Aber Brenner kann jeder – Felbertauernstraße it is!
Erstens führt der direkteste Weg in den Süden schnurstracks über die Felbertauernstraße von Kufstein bis an die Adria.
Zweitens spart man sich das Pickerl und zahlt weniger Maut, egal mit welchem Gefährt man unterwegs ist.
Drittens kommt man auf dem Weg in den Süden rein zufälligerweise noch an Osttirol vorbei, was alleine schon eine Reise wert ist.
Louise darf ein langes Wochenende bei Oma & Opa verbringen und wir packen unsere Ski-Kollektion ins Auto, um ein entspanntes Skitouren-Wochenende in Matrei in Osttirol zu verbringen.

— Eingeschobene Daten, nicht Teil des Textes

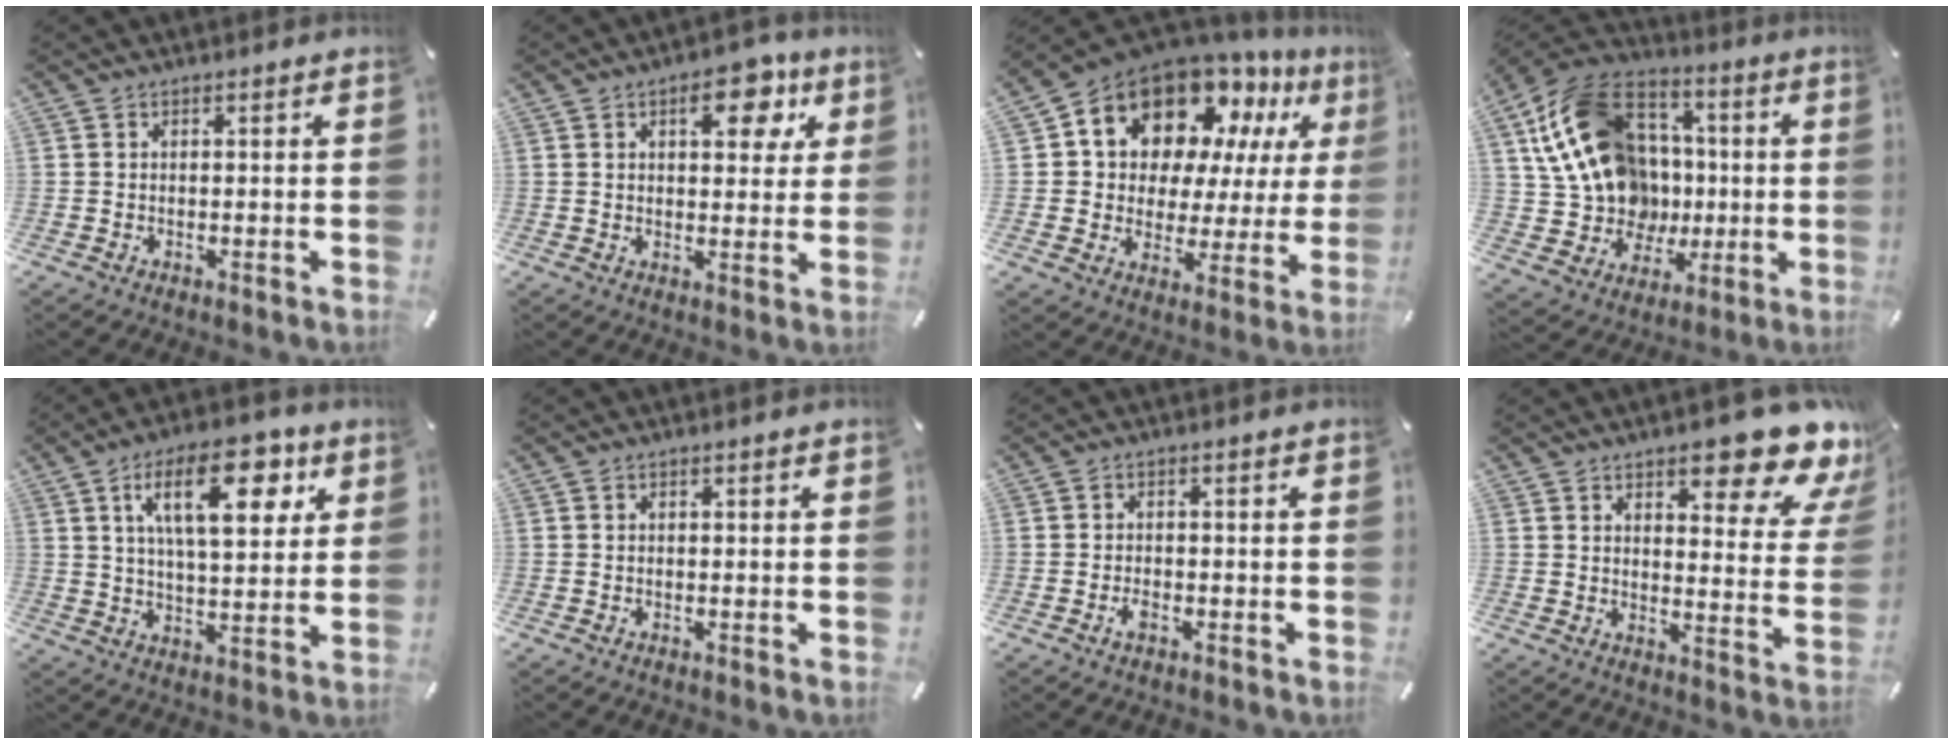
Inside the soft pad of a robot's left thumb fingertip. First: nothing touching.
{"total": 10.1, "force": [4.5, 5.7, 7.0], "torque": [-0.077, -0.013, 0.068]}
{"total": 15.1, "force": [11.0, 9.2, 4.9], "torque": [-0.099, -0.087, 0.199]}
{"total": 21.7, "force": [3.2, 18.2, 11.4], "torque": [-0.227, -0.011, 0.077]}
{"total": 17.7, "force": [7.6, 8.2, 13.8], "torque": [-0.213, -0.006, 0.121]}
{"total": 0.0}
{"total": 1.9, "force": [-1.1, 0.9, 1.3], "torque": [-0.031, 0.001, -0.022]}
{"total": 13.7, "force": [10.2, 4.1, 8.1], "torque": [-0.096, -0.079, 0.169]}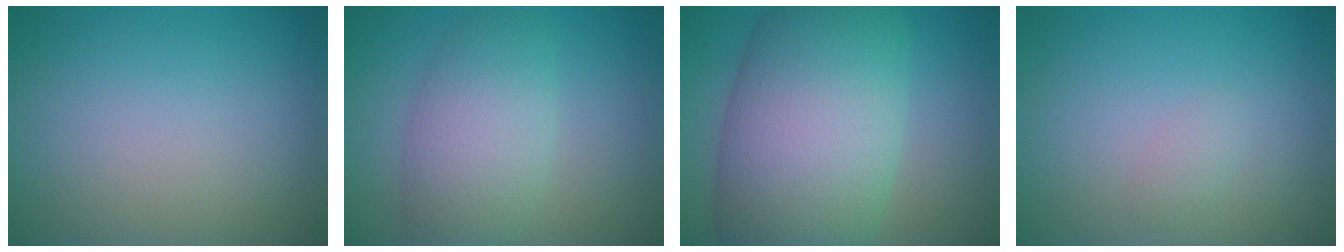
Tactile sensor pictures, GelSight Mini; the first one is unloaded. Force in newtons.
{"total": 5.4, "press": 5.4, "slide": 0.2}
{"total": 13.1, "press": 13.1, "slide": 0.3}
{"total": 0.8, "press": 0.8, "slide": 0.0}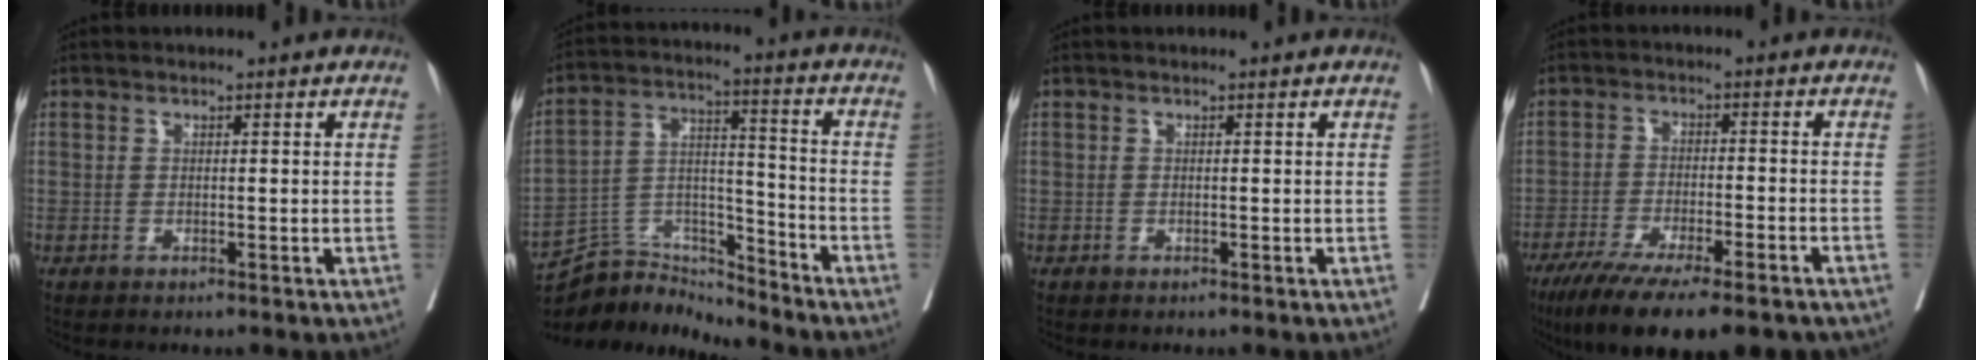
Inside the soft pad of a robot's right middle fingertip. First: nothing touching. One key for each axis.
{"total": 10.4, "fx": -10.4, "fy": 0.5, "fz": 0.0, "tx": 0.005, "ty": 0.043, "tz": -0.195}
{"total": 0.6, "fx": -0.1, "fy": 0.6, "fz": -0.1, "tx": 0.011, "ty": 0.008, "tz": -0.007}
{"total": 17.6, "fx": -13.1, "fy": 3.3, "fz": 11.4, "tx": -0.159, "ty": -0.030, "tz": -0.199}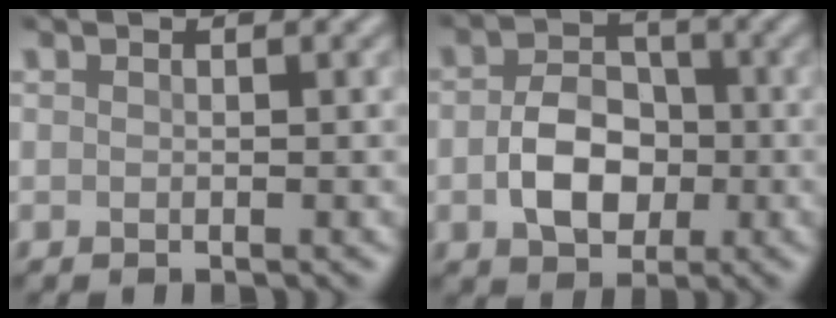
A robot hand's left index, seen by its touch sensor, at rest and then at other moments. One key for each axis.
{"total": 5.1, "fx": -0.8, "fy": 3.8, "fz": 3.3, "tx": -0.058, "ty": 0.001, "tz": -0.017}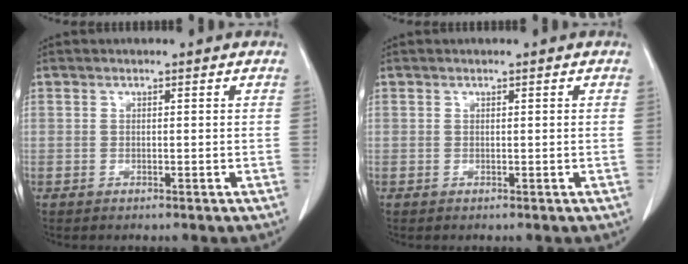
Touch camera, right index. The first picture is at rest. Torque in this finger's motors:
{"motor_torque": [-0.22, 0.08, -0.03, -0.01]}

Während bei uns schon die ersten Krokusse sprießen, herrscht in den Alpen nämlich noch feinster Spätwinter und es liegt massenhaft bester Schnee zu Skifahren, Langlaufen und Schneeschuhwandern.
Anreise mit Aussicht
Allein die Anreise ist ein Genuss: von Kufstein aus geht es den Eiberg hinauf, vorbei an Scheffau, Ellmau, Going und dem Wilden Kaiser. Kurz danach kommt Kitzbühel und das riesen Skigebiet „Kitzski“, das uns bis zum Pass Thurn kurz vor Mittersill verfolgt. In Mittersill geht’s wieder auffi auf den Berg und rauf auf die Felbertauernstraße. Dort wollten wir am Weg eigentlich noch die Schösswendklamm und den Hintersee, sowie den Elisabethsee besuchen, aber es liegt noch so viel Schnee, dass all die wunderschönen Bergseen noch in tiefem Winterschlaf liegen.
Wir haben ja Zeit, so ohne Kind und heute ist der Weg das Ziel.

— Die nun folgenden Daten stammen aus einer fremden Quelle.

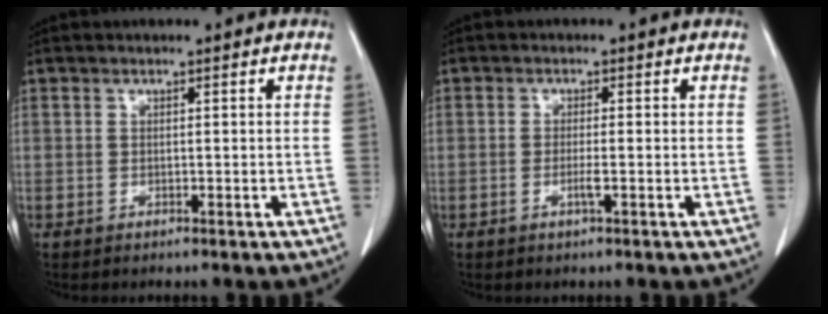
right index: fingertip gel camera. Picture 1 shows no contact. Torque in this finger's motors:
{"motor_torque": [0.00, -0.03, -0.03, -0.01]}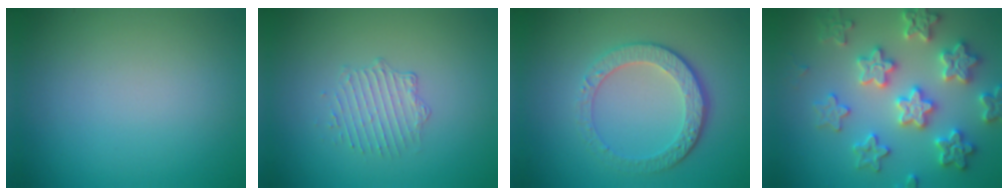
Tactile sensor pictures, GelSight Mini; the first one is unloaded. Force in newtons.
{"total": 1.7, "press": 1.1, "slide": 1.3}
{"total": 4.5, "press": 3.3, "slide": 3.1}
{"total": 6.1, "press": 6.0, "slide": 1.2}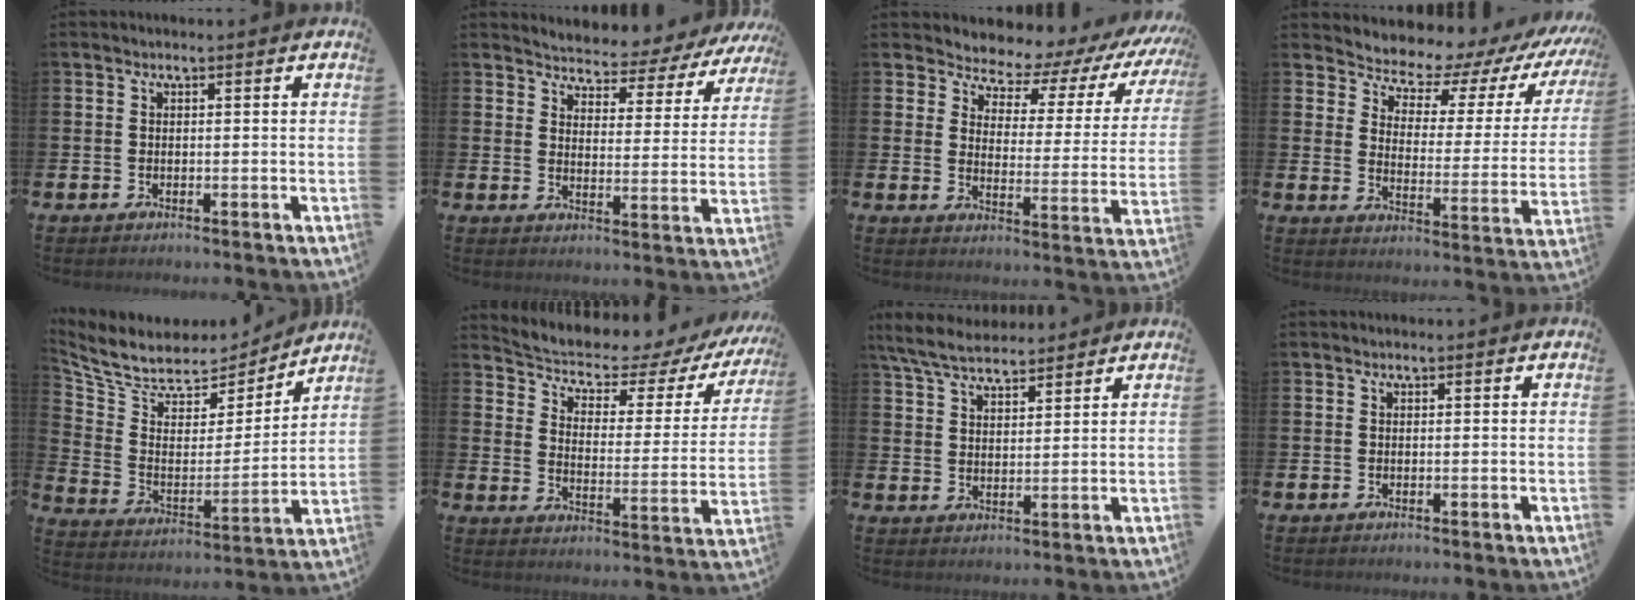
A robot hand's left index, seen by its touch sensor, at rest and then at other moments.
{"total": 4.0, "force": [3.9, 1.1, 0.1], "torque": [-0.014, -0.042, 0.059]}
{"total": 5.7, "force": [5.2, 2.2, 0.9], "torque": [-0.031, -0.056, 0.079]}
{"total": 7.0, "force": [6.4, 2.3, 1.5], "torque": [-0.047, -0.063, 0.104]}
{"total": 8.3, "force": [7.4, 3.4, 1.4], "torque": [-0.071, -0.055, 0.131]}
{"total": 4.9, "force": [4.3, 1.6, 1.7], "torque": [-0.056, -0.038, 0.064]}
{"total": 6.4, "force": [6.0, 1.2, 1.9], "torque": [-0.052, -0.020, 0.110]}
{"total": 0.0}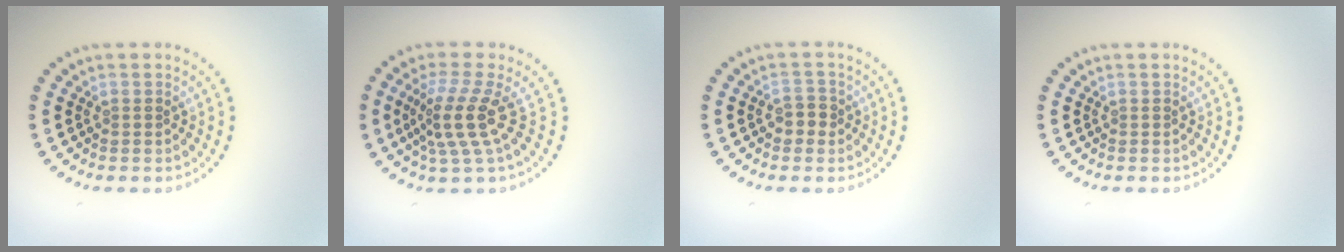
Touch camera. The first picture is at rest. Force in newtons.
{"total": 3.8, "press": 2.7, "slide": 2.7}
{"total": 1.8, "press": 1.7, "slide": 0.6}
{"total": 0.0}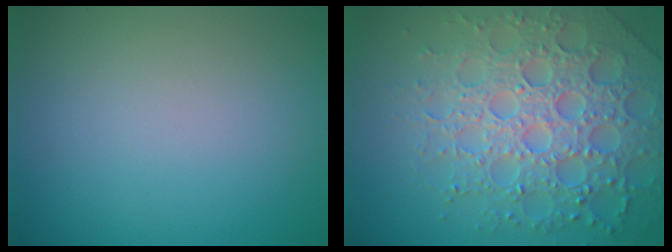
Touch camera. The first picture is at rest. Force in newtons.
{"total": 7.3, "press": 7.1, "slide": 1.7}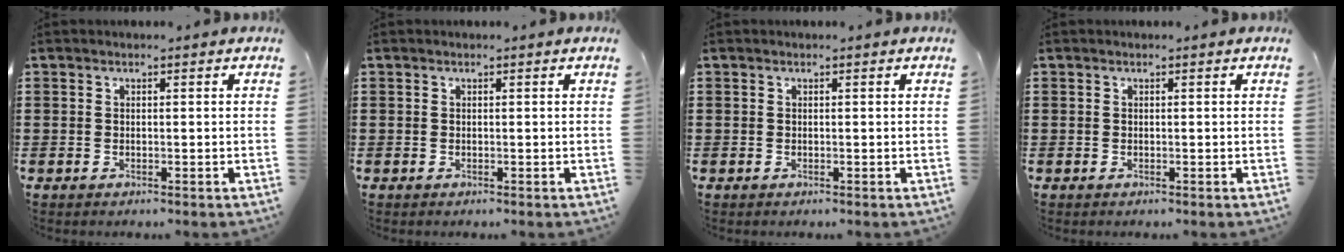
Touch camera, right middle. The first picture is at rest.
{"total": 0.0}
{"total": 0.0}
{"total": 0.0}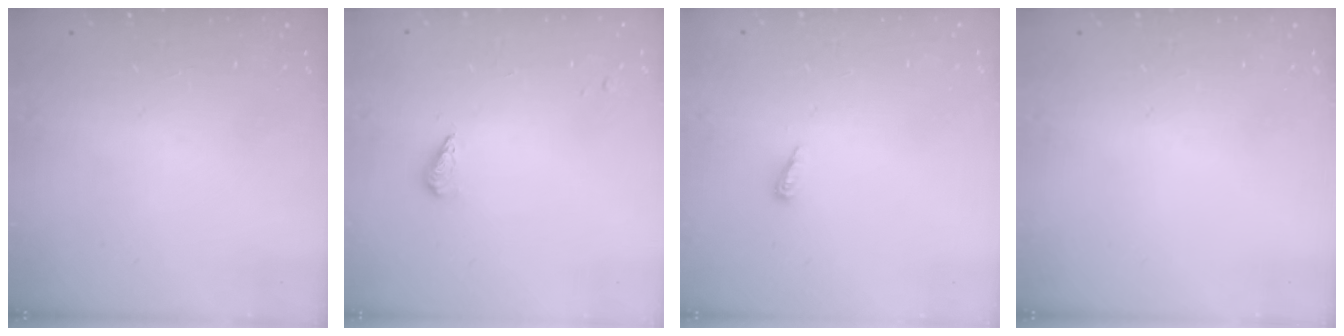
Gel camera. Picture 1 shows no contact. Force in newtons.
{"total": 3.6, "press": 3.5, "slide": 1.1}
{"total": 4.2, "press": 4.1, "slide": 0.4}
{"total": 0.0}

Das Matreier Tauernhaus: Startpunkt in die Berge
Die eineinhalb Stunden Fahrt verfliegen so schnell und schon verlassen wir den Felbertauerntunnel am Südportal und biegen direkt ein zum Matreier Tauernhaus: dem Startpunkt für unsere erste kleine Skitour.
Kalt ist es heute, windig und es schneit leicht. Wir ziehen dennoch unsere Tourenski an und machen uns auf ins idyllische Gschlösstal. Sanft ansteigend zieht es sich hinein in das wilde Tal, das jetzt im Winter nur andeutet, wie wahnsinnig hübsch es hier im Sommer sein muss. Links und rechts erheben sich die umliegenden 3000er in den Himmel und schon bald zeigt sich der Großvenediger, der wie ein Schutzpatron über Osttirol zu liegen scheint. Nur gute 2000 Höhenmeter und 10 Stunden Fußmarsch trennen uns von dem wohl schönsten 3000er der Ostalpen. Aber es ist noch zu früh im Jahr, die Spalten sind noch zu und der Großvenediger ist wirklich nichts für eine schnelle Tagestour. Gut, dass ich schon oben war. Das nimmt den Bergstress und lässt Raum zum Genießen.

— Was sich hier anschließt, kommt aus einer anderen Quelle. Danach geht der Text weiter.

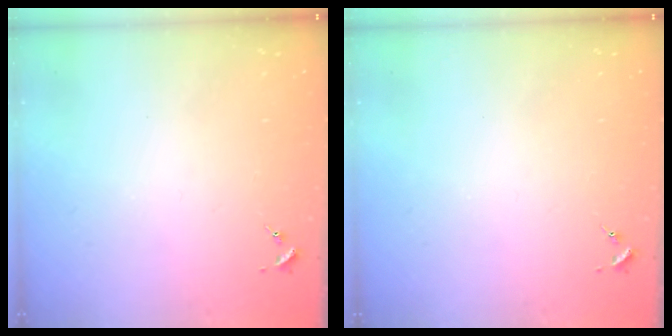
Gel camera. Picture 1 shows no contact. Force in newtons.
{"total": 0.0}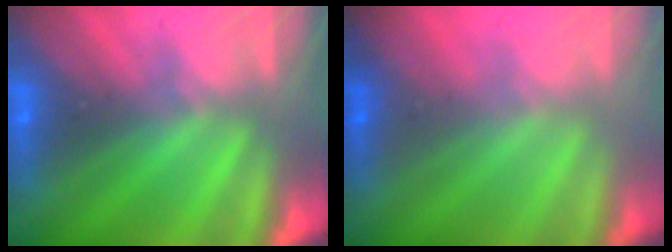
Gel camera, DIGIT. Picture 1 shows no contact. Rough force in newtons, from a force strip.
{"total": 1.5}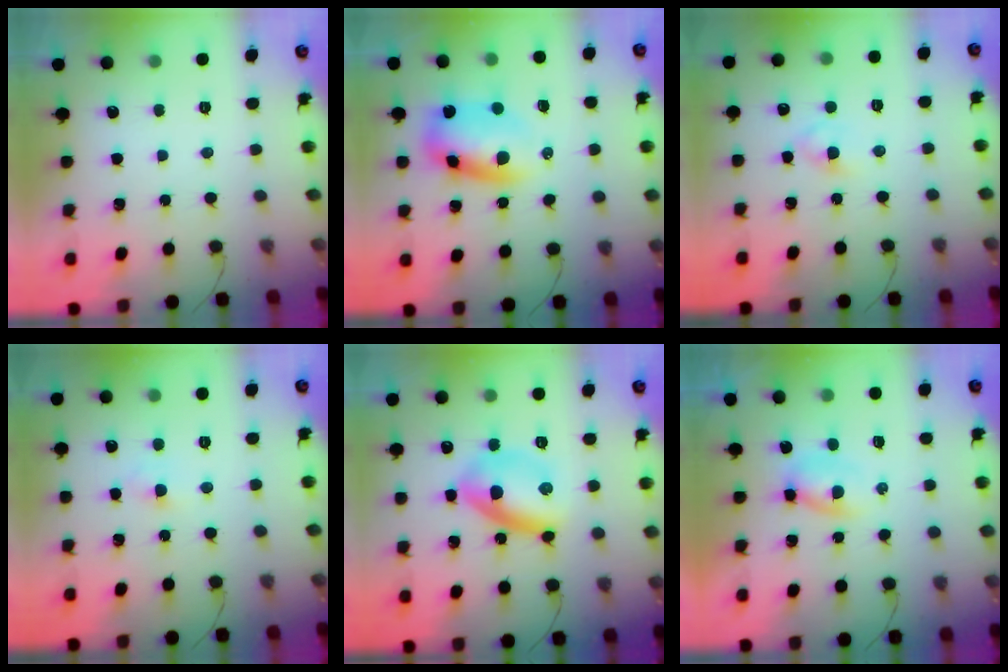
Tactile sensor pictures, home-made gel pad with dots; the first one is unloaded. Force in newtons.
{"total": 9.3, "press": 9.0, "slide": 2.4}
{"total": 2.8, "press": 2.7, "slide": 0.9}
{"total": 3.1, "press": 2.8, "slide": 1.2}
{"total": 10.8, "press": 10.8, "slide": 0.3}
{"total": 2.2, "press": 2.0, "slide": 1.0}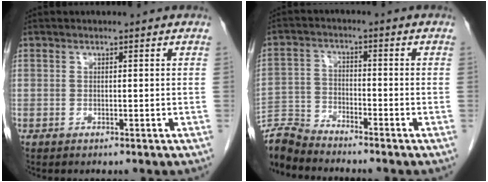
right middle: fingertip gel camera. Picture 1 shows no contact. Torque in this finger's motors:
{"motor_torque": [0.41, -1.21, -0.01, 0.03]}

Unsere Tour heute führt uns bis Außergschlöss. Vorbei an der Felsenkapelle und idyllischen Almdörfern, die wie aus der Zeit gefallen scheinen. Wir sind völlig allein, treffen niemanden ausser einen riesigen Bartgeier, der hier in den Steilwänden brütet.
Und das alles in nur eineinhalb Stunden Fahrtzeit! Wir fragen uns heute noch öfter, warum wir bisher eigentlich so selten in Osttirol waren.
Der Eispark Osttirol
Bei der Einkehr im Matreier Tauernhaus setzen uns die Bergführer am Nebentisch gleich den nächsten Floh ins Ohr: am Beginn des Gschlösstals wurde vor ein paar Jahren der Eispark Osttirol installiert. Der größte künstliche Eisklettergarten Osttirols. Hier kann man in relativ sicherer Umgebung seine ersten Eiskletter – Versuche wagen. Nur mit Guide, versteht sich.
Verlockend, wirklich. Ich weiß aber noch nicht, ob ich mich traue, nachdem ich dank Louise beim Sportklettern in den letzten Jahren mehr und mehr Angst bekommen habe.
Skifahren mit Großglockner-Blick
Am nächsten Morgen steht Skifahren auf dem Programm. Direkt neben unserem Hotel beginnt das kleine, feine Skigebiet „Großglockner Resort Kals-Matrei“. Wie der Name schon vermuten lässt, verbindet das Skigebiet die Bergorte Matrei und Kals am Fuße des Großglockners. Der thront eigentlich über dem Skigebiet und lässt eine wahnsinnige Aussicht auf seinen Doppelgipfel zu. Heute allerdings haben sich ein paar hartnäckige Wolken am Gipfel festgesetzt und lassen uns keinen Blick erhaschen.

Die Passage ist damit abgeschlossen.